• **Supplied information**
........

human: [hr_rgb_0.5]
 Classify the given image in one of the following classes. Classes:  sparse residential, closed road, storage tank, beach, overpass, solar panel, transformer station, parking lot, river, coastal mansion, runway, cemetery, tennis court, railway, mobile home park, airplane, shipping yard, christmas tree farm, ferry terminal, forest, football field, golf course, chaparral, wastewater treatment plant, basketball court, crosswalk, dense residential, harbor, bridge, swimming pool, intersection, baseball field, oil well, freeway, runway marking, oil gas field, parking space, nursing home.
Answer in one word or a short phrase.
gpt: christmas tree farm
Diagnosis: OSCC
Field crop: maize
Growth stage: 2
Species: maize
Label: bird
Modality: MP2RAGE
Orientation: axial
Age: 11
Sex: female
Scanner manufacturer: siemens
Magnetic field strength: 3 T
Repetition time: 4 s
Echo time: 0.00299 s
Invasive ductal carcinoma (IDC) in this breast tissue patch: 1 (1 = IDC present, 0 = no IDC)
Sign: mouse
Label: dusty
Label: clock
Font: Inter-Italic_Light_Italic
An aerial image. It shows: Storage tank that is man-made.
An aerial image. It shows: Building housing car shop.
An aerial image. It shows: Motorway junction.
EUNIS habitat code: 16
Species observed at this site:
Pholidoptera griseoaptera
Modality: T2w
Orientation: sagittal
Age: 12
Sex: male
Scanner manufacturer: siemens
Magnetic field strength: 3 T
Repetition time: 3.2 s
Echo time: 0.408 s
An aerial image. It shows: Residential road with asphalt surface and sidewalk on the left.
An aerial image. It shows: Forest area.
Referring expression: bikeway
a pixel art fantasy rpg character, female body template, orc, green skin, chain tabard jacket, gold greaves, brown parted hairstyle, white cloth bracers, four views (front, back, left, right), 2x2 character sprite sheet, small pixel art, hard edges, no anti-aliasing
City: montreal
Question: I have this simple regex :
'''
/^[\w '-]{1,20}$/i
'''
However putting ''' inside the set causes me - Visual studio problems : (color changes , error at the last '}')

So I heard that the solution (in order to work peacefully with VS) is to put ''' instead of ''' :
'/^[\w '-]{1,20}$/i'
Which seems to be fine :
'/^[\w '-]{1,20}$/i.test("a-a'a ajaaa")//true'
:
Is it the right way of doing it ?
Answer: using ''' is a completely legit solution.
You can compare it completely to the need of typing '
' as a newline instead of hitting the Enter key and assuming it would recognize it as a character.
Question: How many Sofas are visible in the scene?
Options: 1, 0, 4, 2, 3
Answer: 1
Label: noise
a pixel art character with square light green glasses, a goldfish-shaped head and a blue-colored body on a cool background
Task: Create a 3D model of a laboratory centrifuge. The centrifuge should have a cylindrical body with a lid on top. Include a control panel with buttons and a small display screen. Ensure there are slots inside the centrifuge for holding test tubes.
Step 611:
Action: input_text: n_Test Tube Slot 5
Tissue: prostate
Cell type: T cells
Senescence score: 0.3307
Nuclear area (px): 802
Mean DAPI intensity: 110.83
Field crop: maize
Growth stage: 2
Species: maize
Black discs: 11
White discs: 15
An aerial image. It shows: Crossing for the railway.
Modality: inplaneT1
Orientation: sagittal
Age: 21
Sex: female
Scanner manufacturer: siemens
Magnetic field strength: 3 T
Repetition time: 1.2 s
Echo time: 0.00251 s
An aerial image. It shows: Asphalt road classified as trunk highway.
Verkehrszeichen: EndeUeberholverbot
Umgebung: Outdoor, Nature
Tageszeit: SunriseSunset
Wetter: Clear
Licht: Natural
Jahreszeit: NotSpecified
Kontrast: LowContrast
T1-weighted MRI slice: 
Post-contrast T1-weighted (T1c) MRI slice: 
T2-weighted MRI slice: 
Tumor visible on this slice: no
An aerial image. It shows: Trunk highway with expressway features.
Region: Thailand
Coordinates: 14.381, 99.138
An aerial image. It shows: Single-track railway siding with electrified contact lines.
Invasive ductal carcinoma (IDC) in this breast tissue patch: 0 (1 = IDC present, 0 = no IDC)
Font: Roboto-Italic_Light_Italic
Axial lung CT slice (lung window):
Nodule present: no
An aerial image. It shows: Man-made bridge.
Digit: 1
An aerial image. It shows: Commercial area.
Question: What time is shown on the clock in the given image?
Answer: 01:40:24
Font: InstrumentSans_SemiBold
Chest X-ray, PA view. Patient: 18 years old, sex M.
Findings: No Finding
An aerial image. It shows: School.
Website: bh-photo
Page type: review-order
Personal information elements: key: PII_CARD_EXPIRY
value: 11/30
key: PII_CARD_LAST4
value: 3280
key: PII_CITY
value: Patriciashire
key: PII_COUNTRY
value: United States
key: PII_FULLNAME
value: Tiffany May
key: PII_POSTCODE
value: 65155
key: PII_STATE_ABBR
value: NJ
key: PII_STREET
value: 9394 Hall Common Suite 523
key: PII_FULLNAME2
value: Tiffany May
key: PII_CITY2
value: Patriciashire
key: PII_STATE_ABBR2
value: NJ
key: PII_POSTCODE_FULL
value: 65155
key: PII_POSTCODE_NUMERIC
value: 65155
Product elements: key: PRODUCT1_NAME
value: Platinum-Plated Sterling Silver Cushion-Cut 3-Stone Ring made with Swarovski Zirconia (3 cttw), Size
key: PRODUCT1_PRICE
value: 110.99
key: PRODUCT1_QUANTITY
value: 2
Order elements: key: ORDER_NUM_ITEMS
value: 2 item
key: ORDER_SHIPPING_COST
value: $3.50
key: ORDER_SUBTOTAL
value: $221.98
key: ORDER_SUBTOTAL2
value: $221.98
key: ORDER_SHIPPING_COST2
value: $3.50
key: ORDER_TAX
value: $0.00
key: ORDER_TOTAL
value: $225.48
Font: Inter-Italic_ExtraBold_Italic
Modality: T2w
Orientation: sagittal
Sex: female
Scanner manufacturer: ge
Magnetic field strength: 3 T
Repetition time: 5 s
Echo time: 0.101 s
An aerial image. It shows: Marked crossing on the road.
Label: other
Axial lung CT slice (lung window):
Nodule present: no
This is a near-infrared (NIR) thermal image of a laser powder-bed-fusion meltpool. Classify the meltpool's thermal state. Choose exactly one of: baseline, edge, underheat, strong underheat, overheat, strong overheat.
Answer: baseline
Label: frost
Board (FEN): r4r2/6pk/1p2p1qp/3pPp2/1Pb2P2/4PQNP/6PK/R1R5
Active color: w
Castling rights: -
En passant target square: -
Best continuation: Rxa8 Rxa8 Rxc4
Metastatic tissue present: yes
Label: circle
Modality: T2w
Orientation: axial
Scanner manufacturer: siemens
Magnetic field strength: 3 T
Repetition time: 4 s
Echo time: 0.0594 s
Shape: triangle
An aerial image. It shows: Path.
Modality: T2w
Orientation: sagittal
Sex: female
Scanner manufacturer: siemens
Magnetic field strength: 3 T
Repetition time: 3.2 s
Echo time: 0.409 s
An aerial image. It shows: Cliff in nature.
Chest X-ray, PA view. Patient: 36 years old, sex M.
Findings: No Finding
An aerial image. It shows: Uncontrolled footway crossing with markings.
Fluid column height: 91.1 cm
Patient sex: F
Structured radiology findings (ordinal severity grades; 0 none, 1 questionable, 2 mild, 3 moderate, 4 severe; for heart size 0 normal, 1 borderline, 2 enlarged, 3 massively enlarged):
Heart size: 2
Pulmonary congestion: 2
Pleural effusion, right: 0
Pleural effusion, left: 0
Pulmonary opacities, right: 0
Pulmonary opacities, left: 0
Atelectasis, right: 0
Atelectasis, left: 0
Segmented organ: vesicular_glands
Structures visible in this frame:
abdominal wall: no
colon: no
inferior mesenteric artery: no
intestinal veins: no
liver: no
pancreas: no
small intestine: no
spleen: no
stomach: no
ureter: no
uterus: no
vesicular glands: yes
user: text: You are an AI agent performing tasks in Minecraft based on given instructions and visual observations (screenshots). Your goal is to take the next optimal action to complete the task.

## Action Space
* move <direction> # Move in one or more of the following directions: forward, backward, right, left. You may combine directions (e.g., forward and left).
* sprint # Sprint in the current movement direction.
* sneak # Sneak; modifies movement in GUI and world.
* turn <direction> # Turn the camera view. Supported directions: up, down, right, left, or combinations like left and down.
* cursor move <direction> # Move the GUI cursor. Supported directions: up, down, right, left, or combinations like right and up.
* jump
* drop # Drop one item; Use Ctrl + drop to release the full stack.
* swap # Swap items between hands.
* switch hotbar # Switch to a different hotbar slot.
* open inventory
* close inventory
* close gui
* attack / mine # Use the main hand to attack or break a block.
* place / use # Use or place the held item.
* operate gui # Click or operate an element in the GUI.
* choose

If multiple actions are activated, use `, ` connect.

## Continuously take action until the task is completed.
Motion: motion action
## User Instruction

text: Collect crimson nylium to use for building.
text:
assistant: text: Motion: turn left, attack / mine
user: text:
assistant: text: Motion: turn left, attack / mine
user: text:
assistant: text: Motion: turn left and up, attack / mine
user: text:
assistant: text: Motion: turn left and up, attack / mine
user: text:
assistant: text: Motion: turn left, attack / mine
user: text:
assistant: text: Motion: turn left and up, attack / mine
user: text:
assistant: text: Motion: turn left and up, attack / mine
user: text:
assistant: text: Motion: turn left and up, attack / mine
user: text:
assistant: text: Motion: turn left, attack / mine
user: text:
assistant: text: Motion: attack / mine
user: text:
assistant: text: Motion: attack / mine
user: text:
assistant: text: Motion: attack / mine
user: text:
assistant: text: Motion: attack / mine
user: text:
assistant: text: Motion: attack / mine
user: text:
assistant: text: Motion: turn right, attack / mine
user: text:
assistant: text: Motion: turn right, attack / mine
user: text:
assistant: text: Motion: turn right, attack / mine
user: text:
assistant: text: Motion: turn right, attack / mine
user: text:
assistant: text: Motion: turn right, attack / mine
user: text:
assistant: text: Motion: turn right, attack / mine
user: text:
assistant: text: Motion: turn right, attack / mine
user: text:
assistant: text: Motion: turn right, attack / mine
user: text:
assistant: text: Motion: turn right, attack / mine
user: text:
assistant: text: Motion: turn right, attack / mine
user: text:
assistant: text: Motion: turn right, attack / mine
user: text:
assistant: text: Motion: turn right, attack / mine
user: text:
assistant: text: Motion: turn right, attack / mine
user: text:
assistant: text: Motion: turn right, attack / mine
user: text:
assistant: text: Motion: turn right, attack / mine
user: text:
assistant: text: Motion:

........

• **Work task**
Out of the entries above, write out only the lines between the line holding "Board (FEN): r4r2/6pk/1p2p1qp/3pPp2/1Pb2P2/4PQNP/6PK/R1R5" and the line holding "GUI and world.", inclusive, each exactly as given.

• **Written solution**
Board (FEN): r4r2/6pk/1p2p1qp/3pPp2/1Pb2P2/4PQNP/6PK/R1R5
Active color: w
Castling rights: -
En passant target square: -
Best continuation: Rxa8 Rxa8 Rxc4
Metastatic tissue present: yes
Label: circle
Modality: T2w
Orientation: axial
Scanner manufacturer: siemens
Magnetic field strength: 3 T
Repetition time: 4 s
Echo time: 0.0594 s
Shape: triangle
An aerial image. It shows: Path.
Modality: T2w
Orientation: sagittal
Sex: female
Scanner manufacturer: siemens
Magnetic field strength: 3 T
Repetition time: 3.2 s
Echo time: 0.409 s
An aerial image. It shows: Cliff in nature.
Chest X-ray, PA view. Patient: 36 years old, sex M.
Findings: No Finding
An aerial image. It shows: Uncontrolled footway crossing with markings.
Fluid column height: 91.1 cm
Patient sex: F
Structured radiology findings (ordinal severity grades; 0 none, 1 questionable, 2 mild, 3 moderate, 4 severe; for heart size 0 normal, 1 borderline, 2 enlarged, 3 massively enlarged):
Heart size: 2
Pulmonary congestion: 2
Pleural effusion, right: 0
Pleural effusion, left: 0
Pulmonary opacities, right: 0
Pulmonary opacities, left: 0
Atelectasis, right: 0
Atelectasis, left: 0
Segmented organ: vesicular_glands
Structures visible in this frame:
abdominal wall: no
colon: no
inferior mesenteric artery: no
intestinal veins: no
liver: no
pancreas: no
small intestine: no
spleen: no
stomach: no
ureter: no
uterus: no
vesicular glands: yes
user: text: You are an AI agent performing tasks in Minecraft based on given instructions and visual observations (screenshots). Your goal is to take the next optimal action to complete the task.

## Action Space
* move <direction> # Move in one or more of the following directions: forward, backward, right, left. You may combine directions (e.g., forward and left).
* sprint # Sprint in the current movement direction.
* sneak # Sneak; modifies movement in GUI and world.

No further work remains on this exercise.